__About this task__.
Without the pictures, copy the entries below word for word.

Records from a collection
=======

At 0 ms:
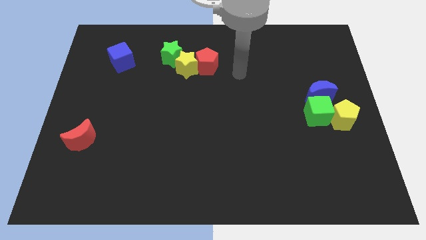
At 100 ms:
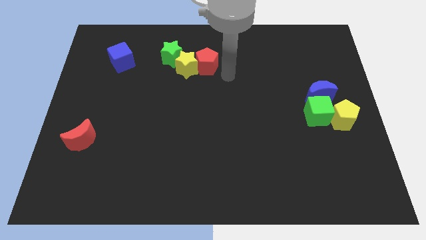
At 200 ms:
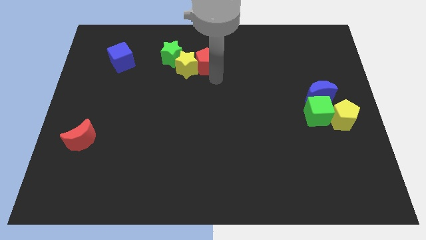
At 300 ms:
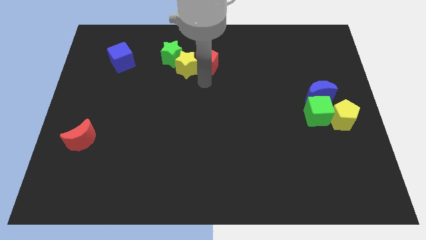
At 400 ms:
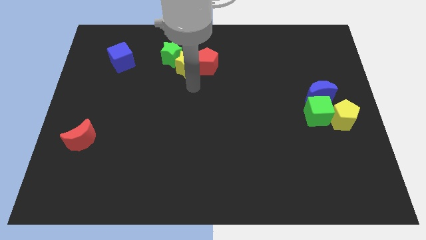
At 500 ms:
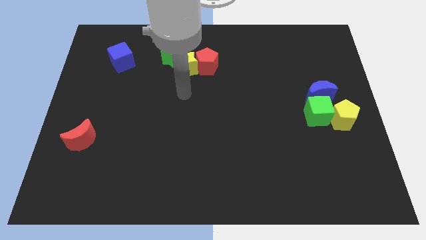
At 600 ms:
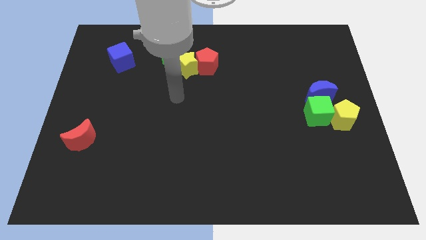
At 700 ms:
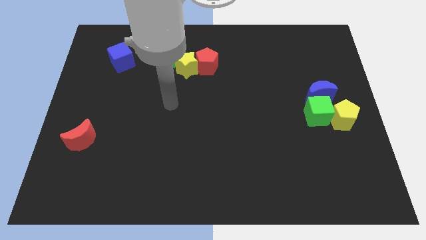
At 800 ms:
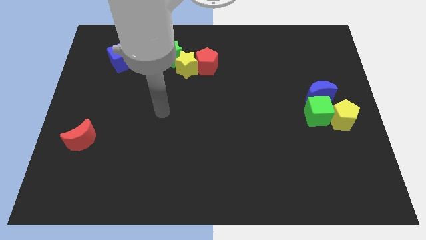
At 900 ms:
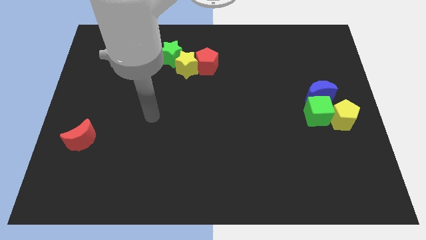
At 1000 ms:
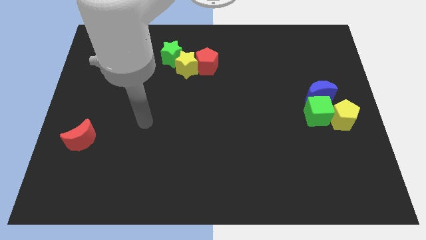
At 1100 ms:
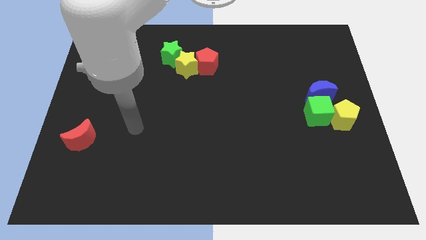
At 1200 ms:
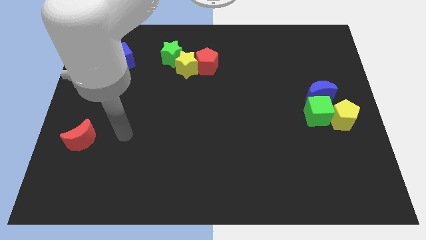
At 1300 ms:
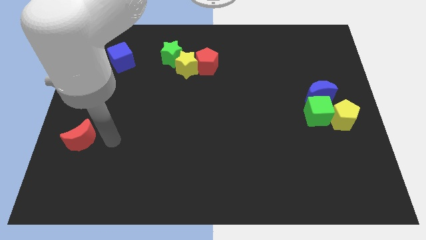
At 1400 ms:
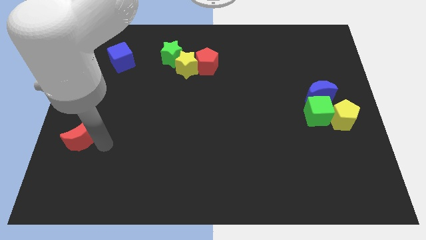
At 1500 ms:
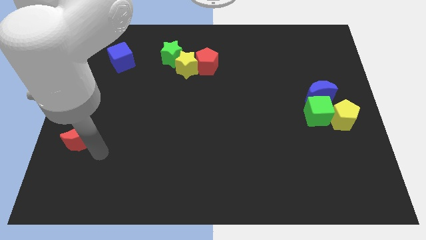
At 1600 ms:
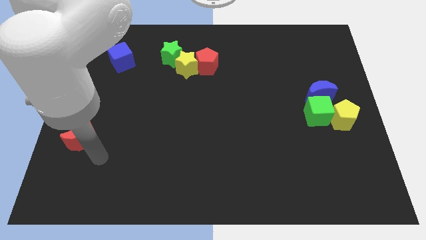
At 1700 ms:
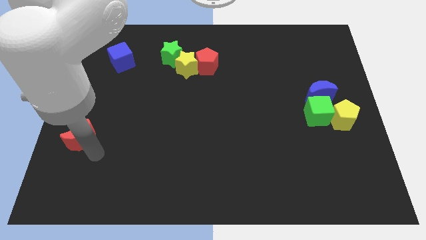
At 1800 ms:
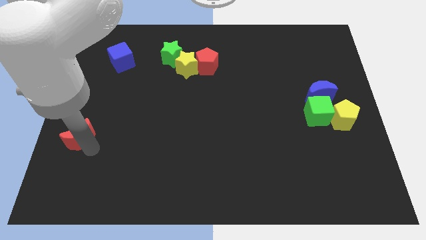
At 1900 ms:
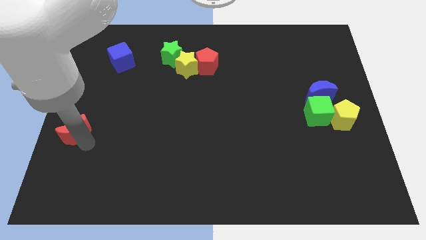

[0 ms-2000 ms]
slide the red moon to the left side of the board

=======

__Answer to the problem__.
At 0 ms:
At 100 ms:
At 200 ms:
At 300 ms:
At 400 ms:
At 500 ms:
At 600 ms:
At 700 ms:
At 800 ms:
At 900 ms:
At 1000 ms:
At 1100 ms:
At 1200 ms:
At 1300 ms:
At 1400 ms:
At 1500 ms:
At 1600 ms:
At 1700 ms:
At 1800 ms:
At 1900 ms:

[0 ms-2000 ms]
slide the red moon to the left side of the board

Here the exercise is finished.